Genealogy Of Painters
Our forefathers were Germans. Their fatherland was Germany or
Deutchland (doitchlandt), a country which occupies central Europe and is
composed of numerous independent states united by a common league into the
"German Confederation." Geographically the race is divided into two classes, the
High and Low Germans.
The word "Dutch" means first a Hollander, as does the word "Boer," but it is
also the English word applied to the German race in general. It more especially
refers, though, to the people of the lowlands of North Germany, as relates to
the small countries of Holland or Netherlands; Friesian, Flemish, Dutch and Old
Saxon, to distinguish them from southern Germany, whose people and language are
called High Dutch.
In his typical form the German best represents the Teutonic race; has blue eyes,
light hair, florid complexion, strong frame, hard muscles, full, high forehead,
lofty coronal region with much breadth of base, which gives him courage and
energy. By organization the German is a scholar, a poet, inventor, investigator,
experimenter, a critic, protestant and a doubter.

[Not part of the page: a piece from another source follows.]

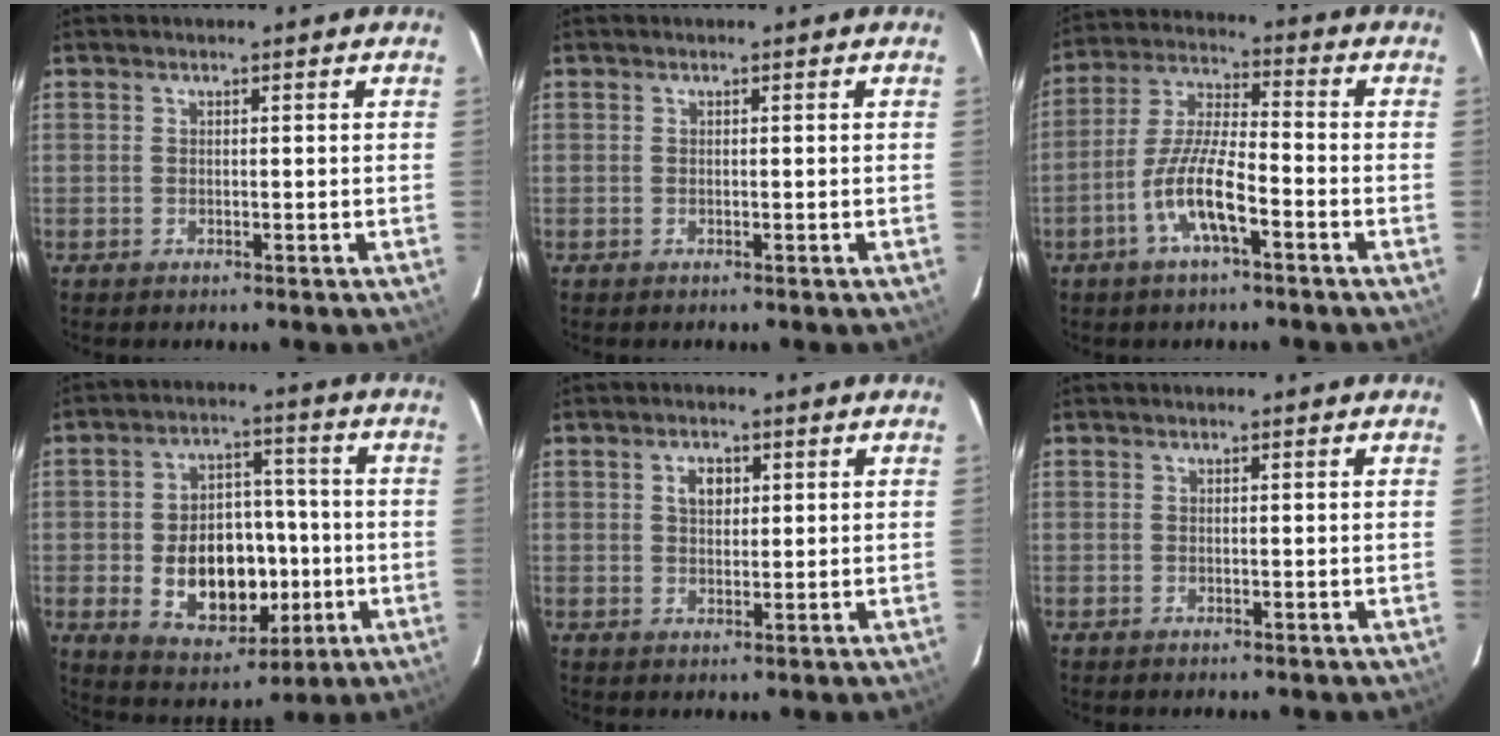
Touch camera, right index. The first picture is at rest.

No mental task is too great or too profound for him to undertake; but while he
discovers many new truths, he generally leaves it to others to make practical
application of them. In music the German stands first among all nations. He has
Handel, Haydn, Mozart, Beethoven, Mendelssohn; in other departments, Martin
Luther, Melancthon, DeKalb, Goethe, Schiller, Humboldt and Emanuel Kant.

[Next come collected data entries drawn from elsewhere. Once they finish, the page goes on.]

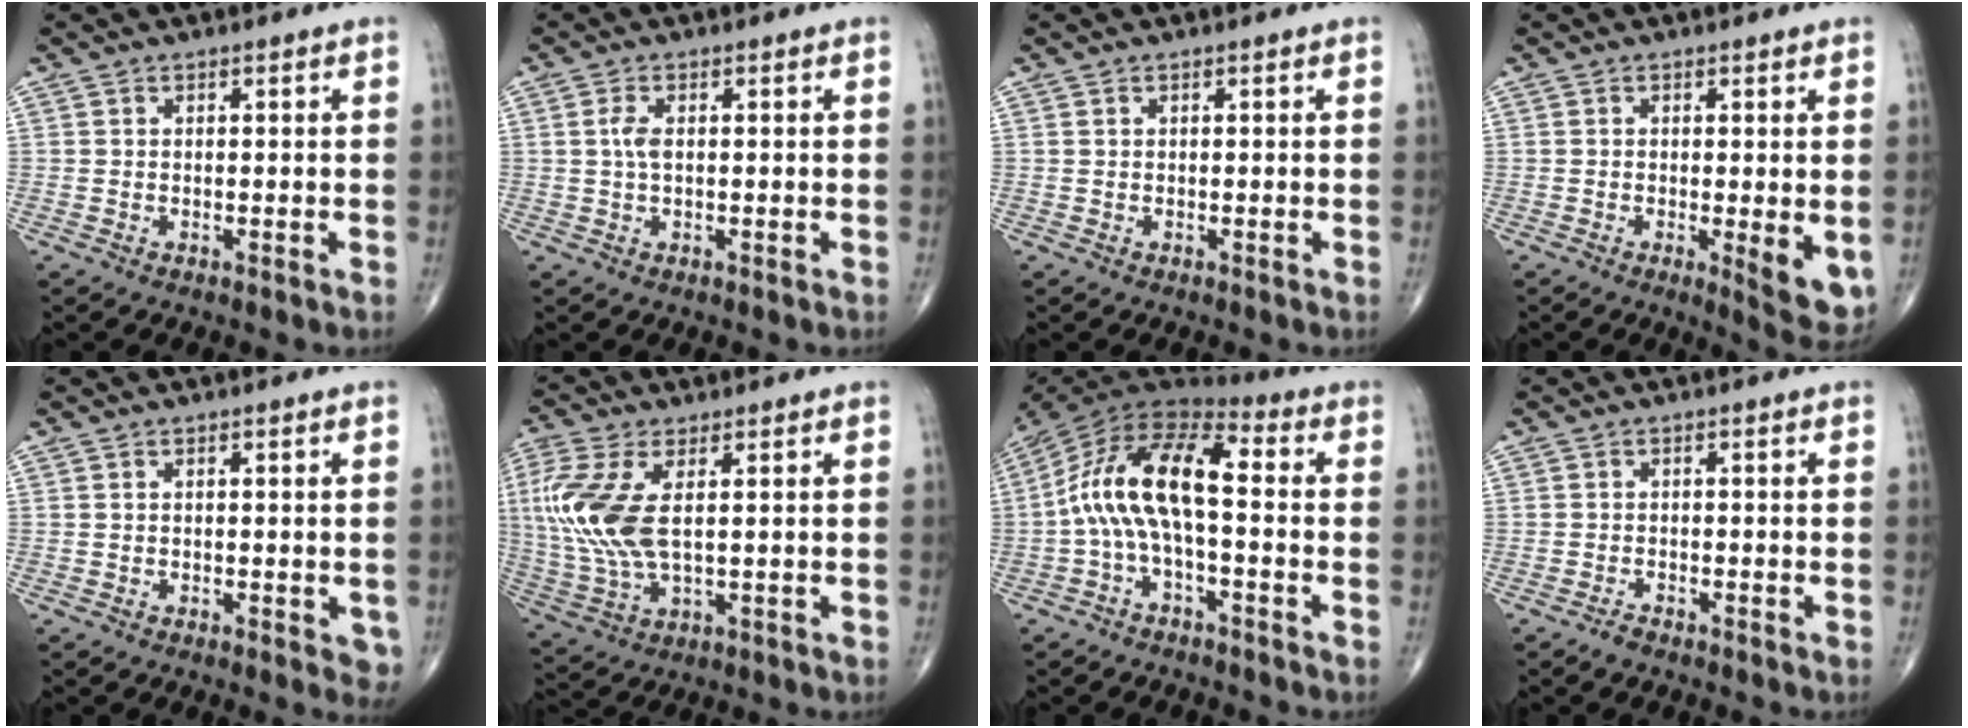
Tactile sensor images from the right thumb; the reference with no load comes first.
{"total": 2.4, "force": [0.3, 1.1, 2.1], "torque": [-0.046, 0.004, 0.006]}
{"total": 0.0}
{"total": 6.7, "force": [-1.0, 1.9, 6.3], "torque": [-0.081, -0.019, -0.012]}
{"total": 3.2, "force": [-1.0, 1.3, 2.7], "torque": [-0.013, -0.004, -0.015]}
{"total": 13.6, "force": [2.1, 6.4, 11.8], "torque": [-0.290, -0.001, 0.050]}
{"total": 15.2, "force": [-1.0, 6.5, 13.7], "torque": [-0.255, 0.050, -0.032]}
{"total": 1.3, "force": [-1.1, 0.3, 0.4], "torque": [-0.012, 0.004, -0.022]}

The national character of the German is honesty, faithfulness, valor,
thoughtfulness, perseverance, industry; and in disposition is patient,
conservative and inoffensive, hence he is easily misled by vain promises of
Our grandfathers styled themselves "full-blooded Dutchmen," and as the Dutch
settlement was quite extensive in America-in New York, New Jersey, Delaware and
Maryland-it is possible that they were of Holland origin. Yet their prominent
characteristics differ but little from the regular Germans.

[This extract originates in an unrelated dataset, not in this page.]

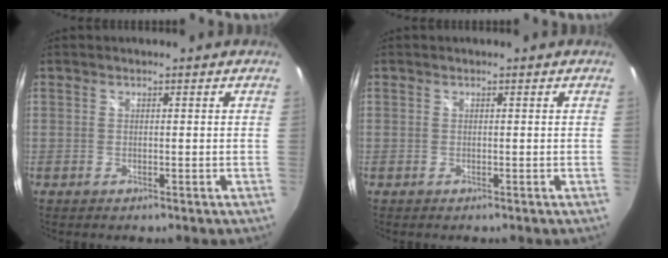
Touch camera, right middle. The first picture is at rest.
{"total": 0.0}

The word "Painter" in the German language is spelled Bender, Banter, Bander,
Baynder, owing to the non-related families. Ours comes from Bender, as the
letter e is short, e; in pronunciation as ea combined. In Banter, with the
others, a is pronounced ah, as in the word part. All in English are called and
spelled Painter and Paynter.
When our forefathers came to America we can not tell. From what part of Germany,
we do not know. It is conjectural to say they came from Bavaria, Wurtemburg or
Hesse Cassel, yet the names Bender and Banter are common in those countries.
We do not know certainly that they fought in the Revolutionary War. We can only
suspect that they did. Christian Painter is the oldest of whom we have any
knowledge, and there is no doubt that his old homestead was near Timberville,
Rockingham Co., Va., but his birthplace and the history of his earlier years are
wholly unknown. There are two legends or traditions in the family, regarding
this matter, but we are not able to vouch for the correctness of either.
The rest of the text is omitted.